Among them, the radial stress [σ] t of rubber at the vulcanization temperature is lower than the axial original expansion strength of the product. The stress during foaming can be used to calculate the sulfurization vapor pressure during foaming, the stress during cracking, the sulfurization vapor pressure during foaming, the stress during cracking, and the sulfurization vapor pressure during cracking. The determination of [σ] t can be based on a combination of factors such as the tensile strength of the product, the thermal deformation of rubber at high temperatures, and the relatively low radial tensile strength. Based on the sulfurization steam pressure, i.e. sulfurization temperature, the sulfurization time, i.e. the line velocity, can be calculated. At the same time, the tightness of filling the gaps in the cable core should also be considered.
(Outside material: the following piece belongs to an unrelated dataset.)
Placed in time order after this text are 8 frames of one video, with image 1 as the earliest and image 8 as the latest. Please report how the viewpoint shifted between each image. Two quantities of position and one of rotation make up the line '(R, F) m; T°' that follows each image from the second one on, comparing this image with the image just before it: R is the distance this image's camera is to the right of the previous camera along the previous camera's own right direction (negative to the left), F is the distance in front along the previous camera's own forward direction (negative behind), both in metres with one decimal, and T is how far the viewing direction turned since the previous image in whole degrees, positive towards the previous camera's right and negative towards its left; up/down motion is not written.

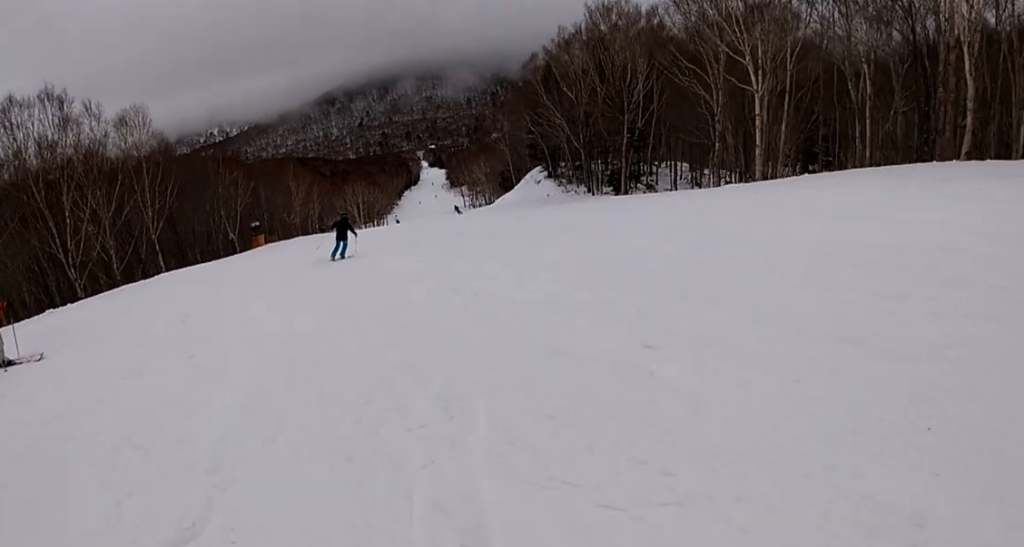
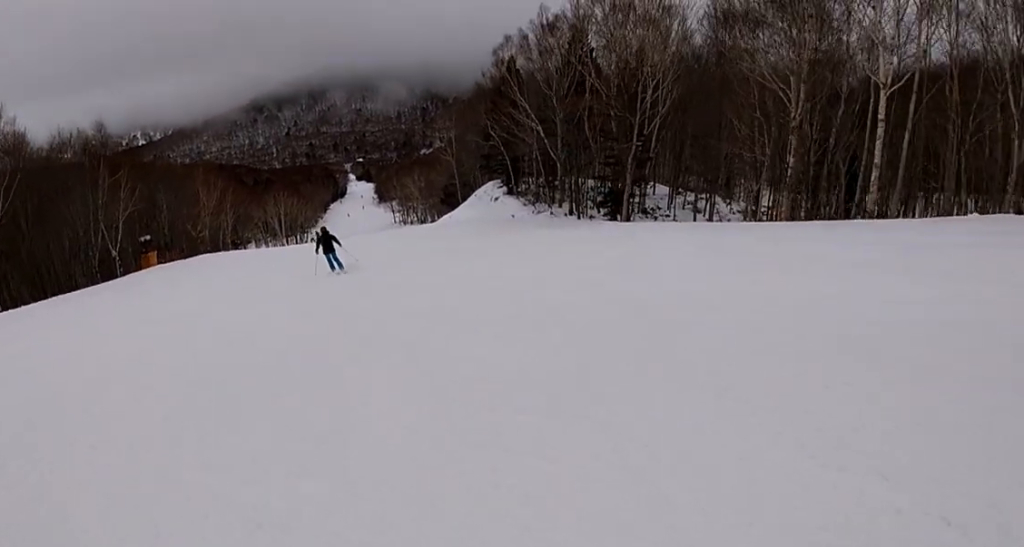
(+0.4, +13.1) m; +2°
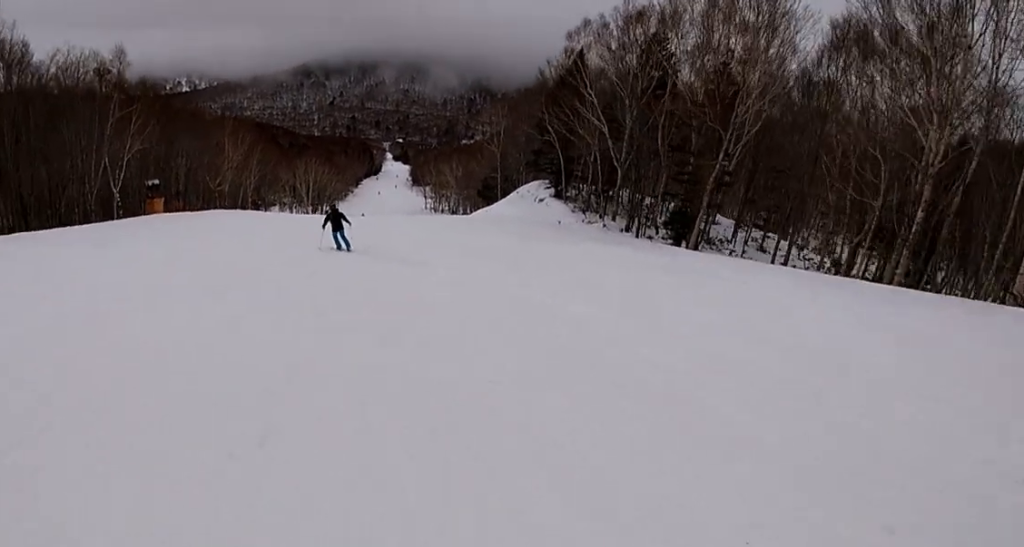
(+0.1, +5.1) m; -1°
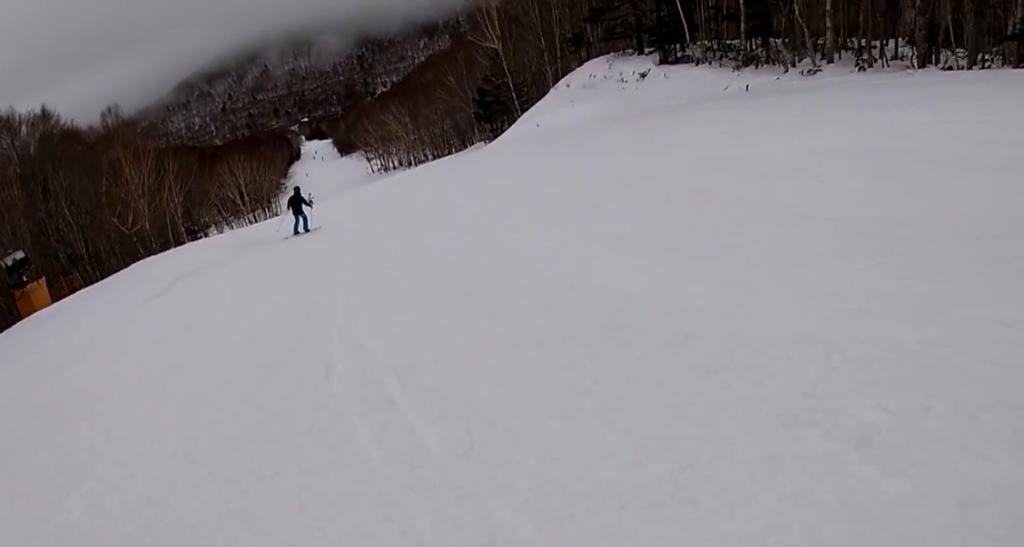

For example, a certain heavy-duty rubber sheathed cable has an outer diameter of 38.5mm, an average thickness of 5.0mm for the sheath, and a thinnest point thickness of 4.15mm. The sheath material is a natural/styrene butadiene rubber SE3 rubber mixture, with a tensile strength of 8.4N/mm2. The radial tensile strength is generally 60% of the axial tensile strength, that is, the radial tensile strength is 5.04 N/mm2. By substituting the above formula, the maximum continuous vulcanization steam pressure can be calculated as:

4.15=P× 38.5÷(2×5.04- P)

P=0.98 N/mm

The steam pressure of the heavy-duty rubber sheathed cable is 10kg/cm2

Given the maximum steam pressure, the maximum outlet velocity of the product can be calculated using the vulcanization rate formula.

The wire speed of thicker products also needs to consider the heat transfer speed of rubber. The heat conduction formula of rubber is:

Q = λ A [ ( t1 - t2 )/ δ ]

In the formula: Q - Thermal conduction heat flow rate, W;

λ - Thermal conductivity of rubber, W/(m ·℃);

A - Unit heat transfer area, mm 2 ;

T1, t2- external temperature, internal temperature, ℃;

δ - thickness, m 。

In the above equation, the thermal conductivity λ of rubber remains unchanged, the unit heat transfer area A remains basically unchanged, and the thermometers t1 and t2 required for internal and external vulcanization of rubber products remain unchanged. It can be seen that the thermal conductivity Q is inversely proportional to the thickness over δ. To achieve the same sulfurization effect, the wire speed needs to be doubled when the thickness is doubled. Of course, this is a theoretical statement that still needs to be verified through practice.